Garden Grove, California's Greg Ventura whittled his way through a weekend of not only tough competitors, but some tough weather conditions to kick his 2012 season off in style as he drove his 1966 Chevy Nova all the way to acquire the very first NHRA Super Gas Wally during the O'Reilly Auto Parts NHRA Winternationals in Pomona.
Greg Ventura's NHRA Super Gas 1966 Chevy Nova
The Material Lifecycle Analyst for K&N Engineering has been competing with his Nova since 1999 and for the 2012 season its 565ci BBC is once again equipped with all the latest filtration products from K&N Engineering.
"The weekend was kind of unnerving, because every day was so different," confessed Ventura. "The first two days of the event were seventy-five degrees and warm out and then the next two days were just raining on-and-off and terrible. It was all so diverse [weather/track conditions] and you just have to really be on your game and know your car to be able to preserve through a weekend like this."
After making two time run sessions on Thursday and one on Friday, Ventura made his way through round one of eliminations Friday evening, before having to wait until later on Sunday to get back on a very different track. "It's the Winternationals and for this event, the weather kind of has a history of doing this," explained Ventura of the very long delay between rounds. "You just adapt and not let yourself get keyed up when you know you aren't going to be running.

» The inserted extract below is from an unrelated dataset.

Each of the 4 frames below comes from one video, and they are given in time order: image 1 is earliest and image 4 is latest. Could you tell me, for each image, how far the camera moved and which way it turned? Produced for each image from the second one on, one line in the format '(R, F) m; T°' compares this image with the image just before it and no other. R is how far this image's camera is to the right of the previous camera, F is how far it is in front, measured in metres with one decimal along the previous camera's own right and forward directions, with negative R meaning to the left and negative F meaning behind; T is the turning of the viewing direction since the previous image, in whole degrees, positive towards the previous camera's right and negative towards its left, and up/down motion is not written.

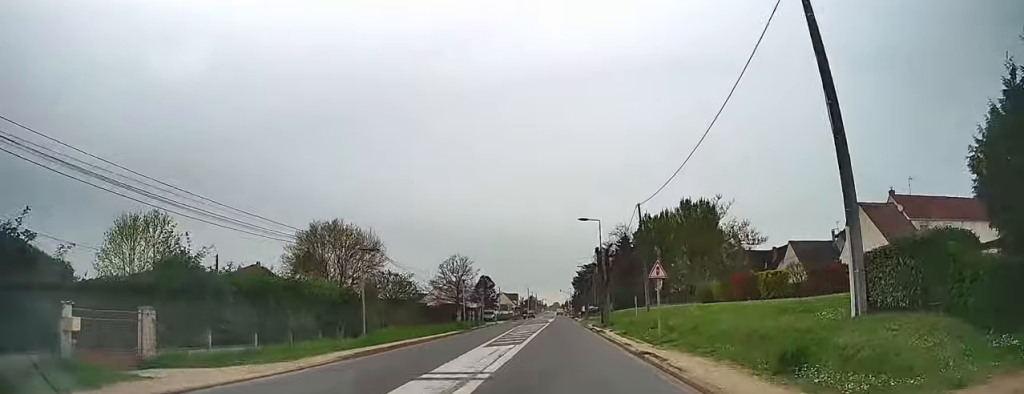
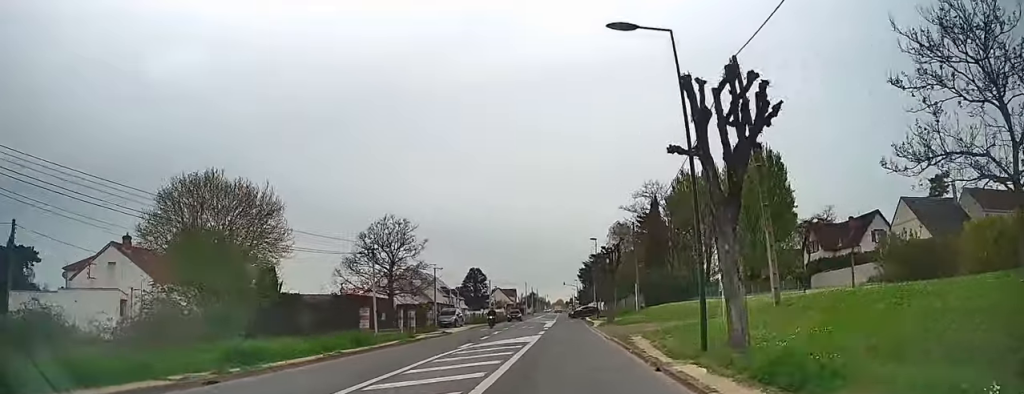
(0.0, +33.0) m; 0°
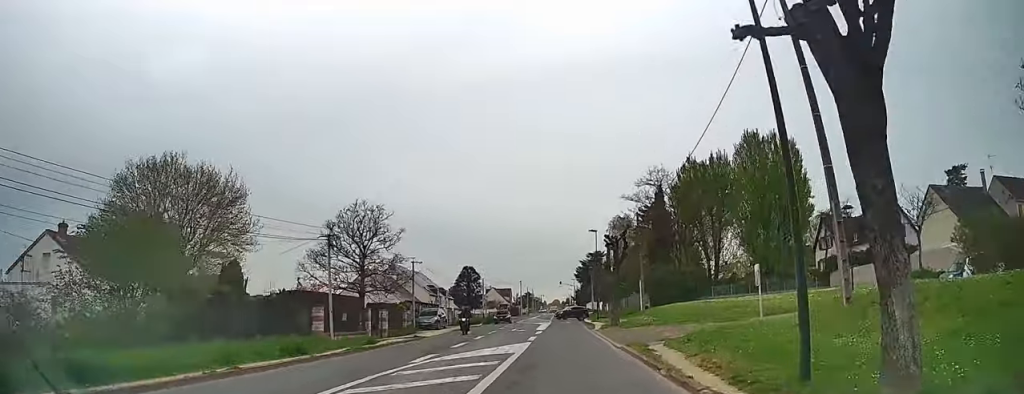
(0.0, +6.3) m; 0°
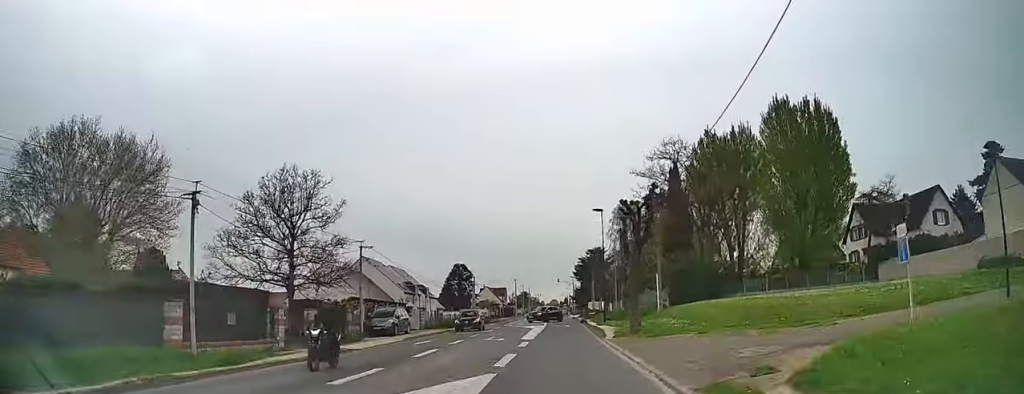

Because letting yourself get that way for no reason, just wears you out."
By the time Ventura and the rest of the Super Gas class got back out on the track, he knew to prepare for the second round a little differently than before. "You have to know that running after the pros, the track is going to be different. It's obviously not going to be as good as it is when you go out there on a Thursday morning, there's a bunch of clutch dust out there," he noted.

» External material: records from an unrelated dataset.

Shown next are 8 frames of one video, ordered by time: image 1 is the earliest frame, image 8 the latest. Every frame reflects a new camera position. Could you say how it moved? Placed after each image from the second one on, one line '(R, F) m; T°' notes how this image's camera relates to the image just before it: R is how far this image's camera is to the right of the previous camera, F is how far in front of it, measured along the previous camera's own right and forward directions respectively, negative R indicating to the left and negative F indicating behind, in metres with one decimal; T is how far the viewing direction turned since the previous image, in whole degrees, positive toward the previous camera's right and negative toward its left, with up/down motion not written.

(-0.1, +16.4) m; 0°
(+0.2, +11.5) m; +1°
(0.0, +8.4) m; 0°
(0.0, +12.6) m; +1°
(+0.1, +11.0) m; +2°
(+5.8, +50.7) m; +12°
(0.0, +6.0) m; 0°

Ventura put together a beautiful .007 reaction time and a 9.901 to shut down Roger Kato in round two only to have to put her back away for the night and now, wait until Monday to get back into eliminations where the on-and-off mist postponed the action until later in the morning.
Unlike his second round reaction time, Ventura didn't quite get the light he was set up for during his round three matchup with Gary Mignacca. Both driver's off their game, but it would be Ventura turning on the win light again and another dead-on the index pass. "It would rain and stop and rain and stop, so you are a little caught up in your nerves and you were trying to stay up for it," he said. "If you look at that whole round, everyone seemed to kind of be caught up in that."
That wasn't the only thing Ventura "caught" over the weekend, and by Monday he was also battling one heck of a cold, all while trying to do his best to stay focused through the rounds. "It really hit me Monday morning and I was just sick as a dog," he pointed out. "The thing was, I was doing well and I thought 'what's wrong with this'. Maybe my cold and feeling the way I did kept me more grounded through it all."
His fourth round would give him a nice tune-up run as his competitor, Charlie Waggoner Jr. turned it .004 red now sending Ventura on to an extremely pivotal quarter-final round against P.J. Giacalone in his 1955 Chevy. This round would be a "two-for-one" to the winner, as there was a bye into the final up for grabs. "It's really always been the kiss of death for me, if I know that I have a shot at a bye into the final," said Ventura. "I didn't mean to look that far ahead on the ladder and I actually saw it by accident."
The quarter-final was a great example of competition at this level as Ventura cut it to just inches at the stripe for a .005 margin of victory, his .024 package to Giacalone's .029.
After taking his single into the final, and hoping it would be a chance to run the boss, Steve Williams, in an all K&N Final, it would be Jimmy Lewis that Ventura would meet up with for a shot at the very first Super Gas National Event Wally of 2012.
"I went back to my right lane and when I left, when I pulled the button, I know he has a slow sixty foot but it just seemed like he was a little further behind," reflected Ventura of the final round. "So when we got down there, I looked over and thought I got him by about three-quarters of a car. I just snugged it up as much as I could. I was actually on a .90, but ran a .92. It was just an unbelievable feeling when the win light came on."
The numbers from the time slips show it was Ventura's round to win from the hit, having nearly three hundredths of a second starting line advantage with his .026 to Lewis' .054 light.
"The car was just repeating unbelievably, I really can't explain it," he said of being able to keep the car dialed where he wanted it. "I mean, I've had days like this before, but they are so few and far between. I've won two other NHRA National events, but it's just really hard to believe that I'm a Super Gas Winternationals champion."
"It's great to be able to bring it home for K&N," he continued. "I would have really loved to have seen it be me and Steve battling it out for an all K&N final, but I'm not going to complain too much with how it worked out for me. If you look at the podium, there were a lot of K&N racers up there. Both my cars, the one I ran this weekend and my Super Street car, are always totally protected with every type of product that K&N makes for racing applications. K&N high-flow air filters, K&N oil filters and more, plus the K&N composites hood scoops. I also have to say thanks to Lucas Oil, Taylor Freezers, Race Trans and Goodyear Tires."